No pictures go into the copy. Write out every line below exactly.

Collected data entries:
□ □ □
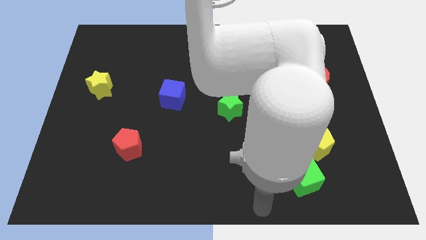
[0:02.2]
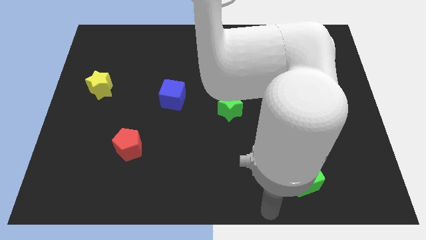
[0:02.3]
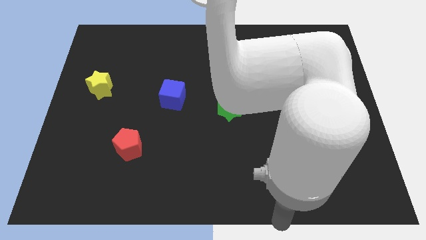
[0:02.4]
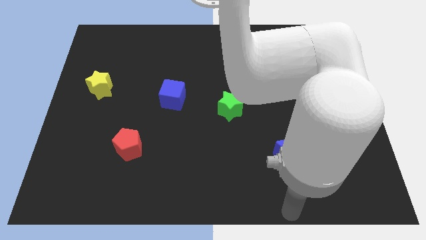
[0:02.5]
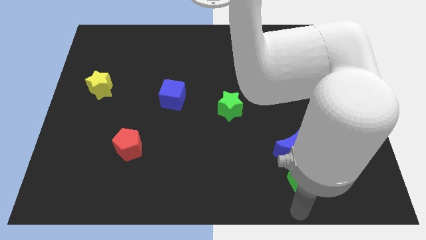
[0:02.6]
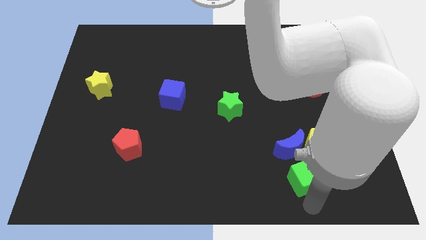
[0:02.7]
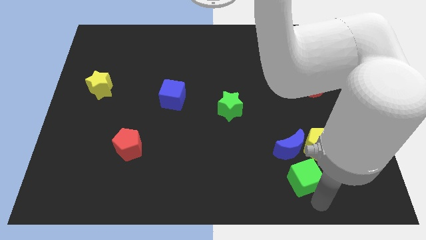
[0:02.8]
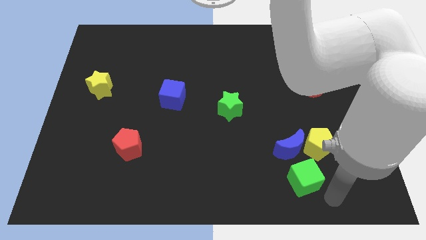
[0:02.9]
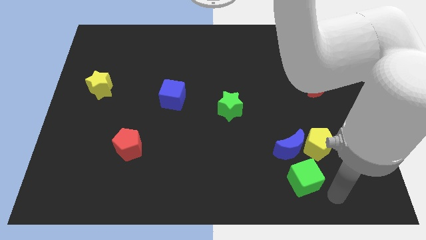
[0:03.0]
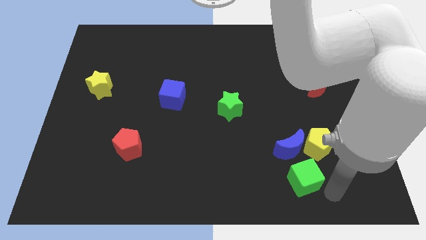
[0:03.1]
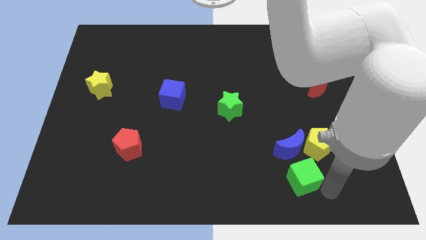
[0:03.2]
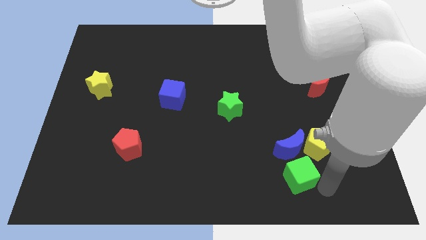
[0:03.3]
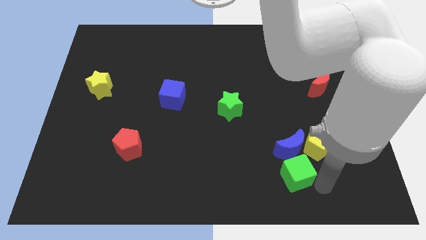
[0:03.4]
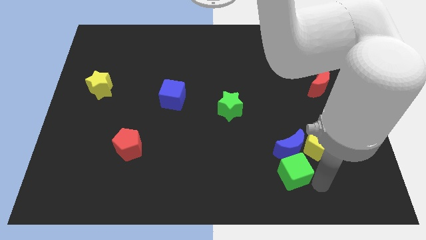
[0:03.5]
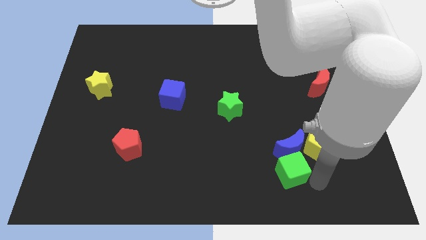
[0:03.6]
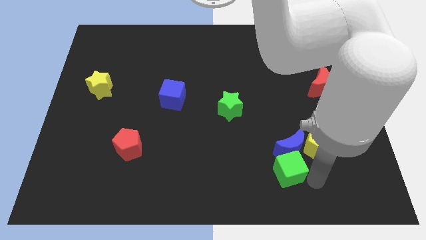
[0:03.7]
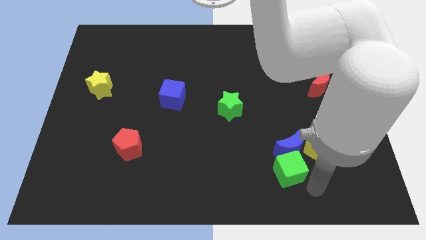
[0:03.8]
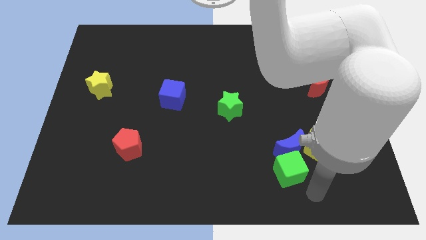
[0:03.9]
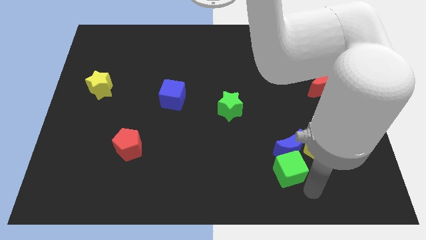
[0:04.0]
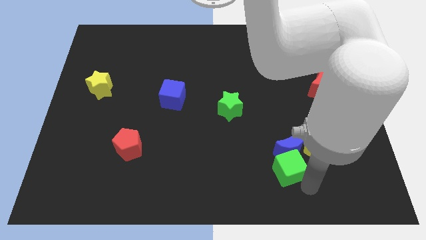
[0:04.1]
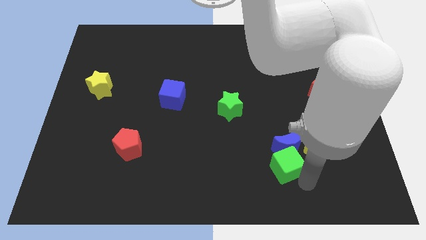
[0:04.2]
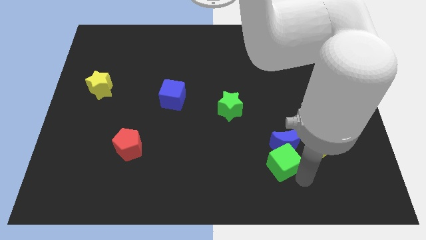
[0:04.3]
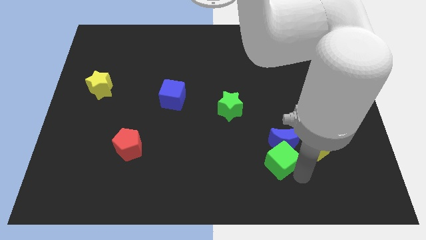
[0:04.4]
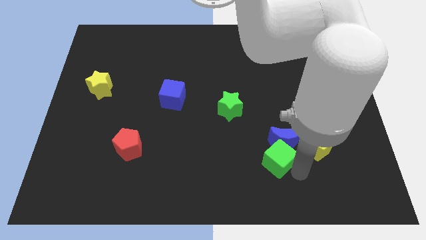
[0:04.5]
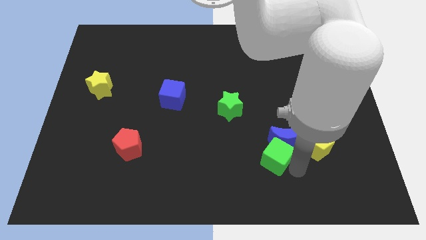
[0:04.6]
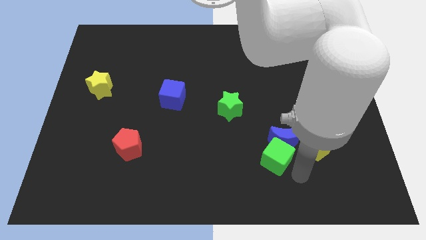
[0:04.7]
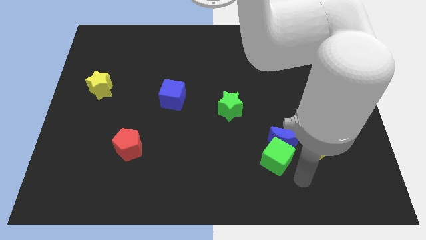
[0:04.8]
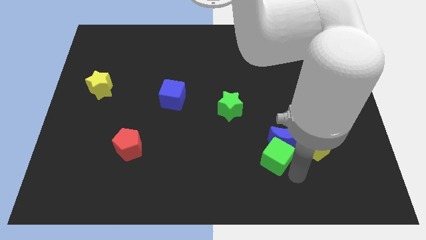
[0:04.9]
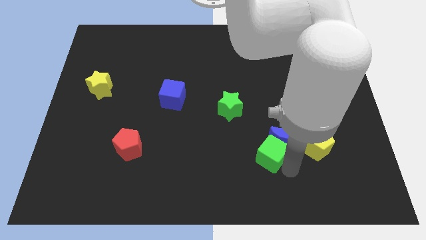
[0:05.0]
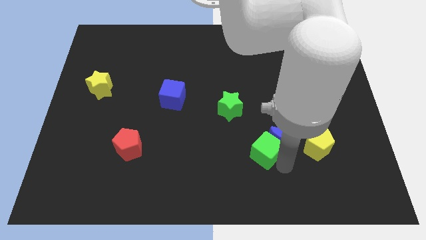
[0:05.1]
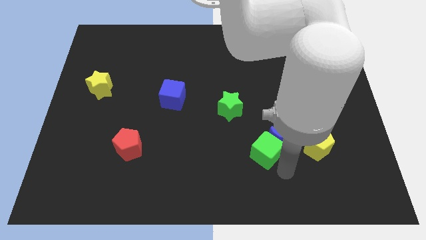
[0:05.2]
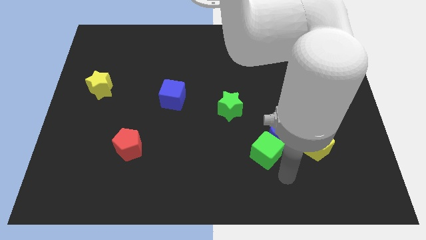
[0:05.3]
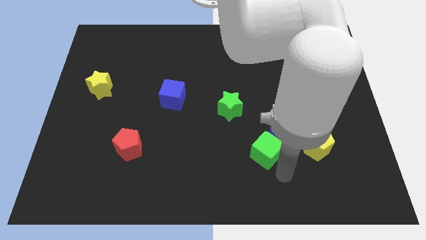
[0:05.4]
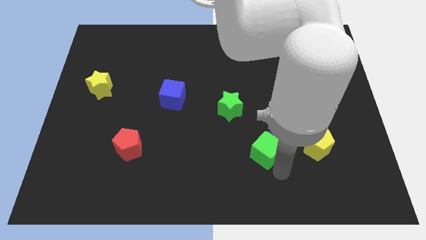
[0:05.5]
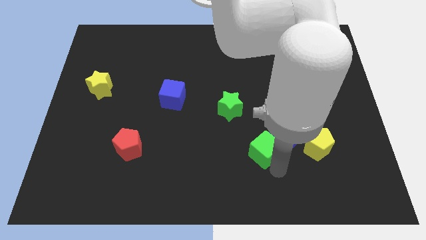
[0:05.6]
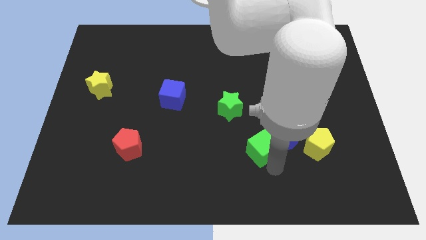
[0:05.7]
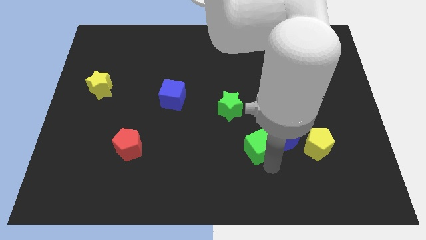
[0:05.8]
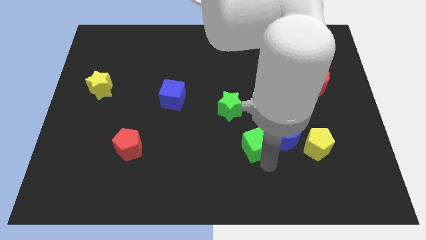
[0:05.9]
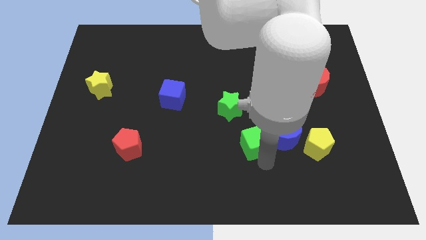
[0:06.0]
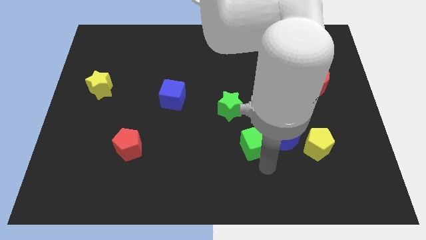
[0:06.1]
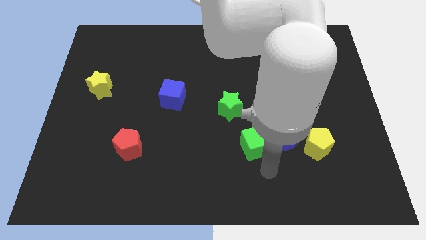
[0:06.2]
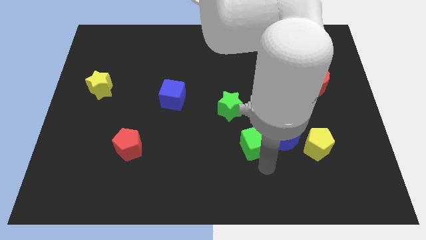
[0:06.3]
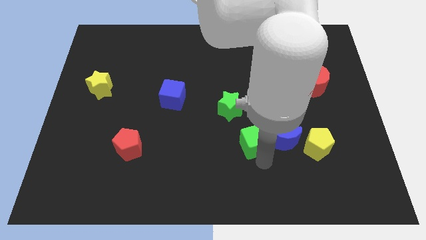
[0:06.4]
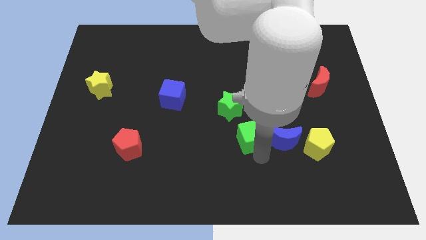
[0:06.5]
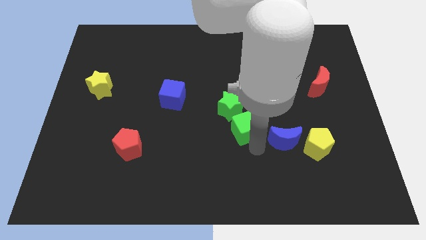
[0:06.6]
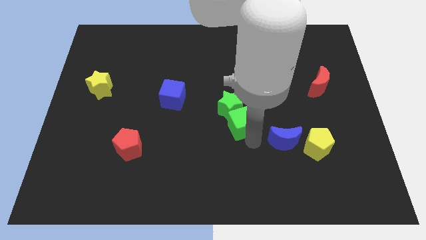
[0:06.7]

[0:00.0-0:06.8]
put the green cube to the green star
□ □ □
● **Your solution**:
[0:02.2]
[0:02.3]
[0:02.4]
[0:02.5]
[0:02.6]
[0:02.7]
[0:02.8]
[0:02.9]
[0:03.0]
[0:03.1]
[0:03.2]
[0:03.3]
[0:03.4]
[0:03.5]
[0:03.6]
[0:03.7]
[0:03.8]
[0:03.9]
[0:04.0]
[0:04.1]
[0:04.2]
[0:04.3]
[0:04.4]
[0:04.5]
[0:04.6]
[0:04.7]
[0:04.8]
[0:04.9]
[0:05.0]
[0:05.1]
[0:05.2]
[0:05.3]
[0:05.4]
[0:05.5]
[0:05.6]
[0:05.7]
[0:05.8]
[0:05.9]
[0:06.0]
[0:06.1]
[0:06.2]
[0:06.3]
[0:06.4]
[0:06.5]
[0:06.6]
[0:06.7]

[0:00.0-0:06.8]
put the green cube to the green star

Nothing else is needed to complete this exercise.